Generate a file with SNPs given a WGS dataset
1
0
Entering edit mode
29 days ago
iibrams07 • 0

Given whole genome sequencing or whole-exome sequencing datasets of the human genome, I need to generate a list of all the SNPs present in each of the datasets separately. In the best scenario the SNPs should be well annotated, as for their genes they belong to, their coordinates, and eventually additional attributes. The file should have a .csv format or some other similar format, since I need to upload it and manipulate some data from it.

How should I proceed?

Many thanks.

annotation snp ngs • 538 views
1
Entering edit mode
29 days ago
Dave Carlson ▴ 620

There are a lot of ways to accomplish this general workflow, but my suggestion would be something along the following lines:

1. Map reads to the human reference genome with BWA MEM
2. Produce a bam file for each sample after sorting by position with samtools
3. Mark duplicates with Picard
4. Jointly call variants for all samples with GATK, following their best practices pipeline.
5. Annotate the variants using GATK's Funcotator, SnpEff, or Annovar
6. Depending on what specifically you want to do next, process the annotated VCF using vcftools, bcftools, or maybe PLINK to get additional information
0
Entering edit mode

@Dave Carlson. Many thanks. Once at step 6., what should I do to collect only the SNPs and discard other variants? I need to pipe this collection to maybe a text file. In the best practice pipeline, you are referring to, there is no SNP-based pipeline regarding the somatic case, it rather refers to germline SNPs. Do you know of a resource that provides the command line code to proceed step by step in achieving this goal?

1
Entering edit mode

To exclude all but SNPs from your VCF file you can use GATK's SelecVariants tool with --select-type-to-include SNP or bcftools with --skip-variants indels.
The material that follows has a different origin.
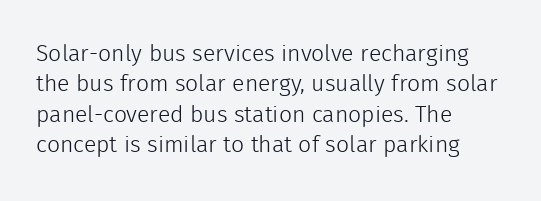
The image shows 23 px text type, upright; set left-aligned, normal line spacing (1.32x), normal letter spacing, not underlined.

From the rest of your comment, it sounds like you're doing somatic variant calling. Is that right? If so, GATK has a separate best practices workflow for this, though I don't have any personal experience with it.

0
Entering edit mode

The samples the DNA was extracted from were somatic cells. It is surprising that GATK provides more pipelines for germ cells than somatic ones. The last best practice workflow you are referring to is not clearly telling if it is about SNPs. SNV is not the same as SNPs. It is totally different. Thus I am confused. Can you comment on this? I got another question. When I open the Github extracted code file, I find a .jason and .wdl file. What should I do with these files? What I need is the code. Is the code inside one of these files? How can I read them? Thanks.

0
Entering edit mode

SNP = single nucleotide polymorphism

SNV = single nucleotide variant

These two things are subtlety different, but they are not totally different.
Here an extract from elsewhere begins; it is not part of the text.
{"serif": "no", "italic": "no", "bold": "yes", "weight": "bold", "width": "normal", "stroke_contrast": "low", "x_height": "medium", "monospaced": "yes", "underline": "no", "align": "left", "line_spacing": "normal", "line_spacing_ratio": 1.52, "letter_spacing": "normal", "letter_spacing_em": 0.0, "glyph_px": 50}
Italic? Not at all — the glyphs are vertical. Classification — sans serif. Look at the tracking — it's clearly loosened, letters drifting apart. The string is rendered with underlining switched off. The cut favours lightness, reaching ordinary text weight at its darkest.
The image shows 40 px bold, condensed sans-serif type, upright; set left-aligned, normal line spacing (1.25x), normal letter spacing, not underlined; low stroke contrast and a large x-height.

I'm not sure which precise github page you're looking at, but if you're referring to the code for GATK, it's written in JAVA, and the easiest way to run it would be to download the latest release and call the wrapper script gatk.

0
Entering edit mode

By code I mean the command line code needed to run the pipeline and not to download GATK. Clicking at best practices workflow, one is led to a page of pipelines which are themselves linked to github pages where a code file is situated.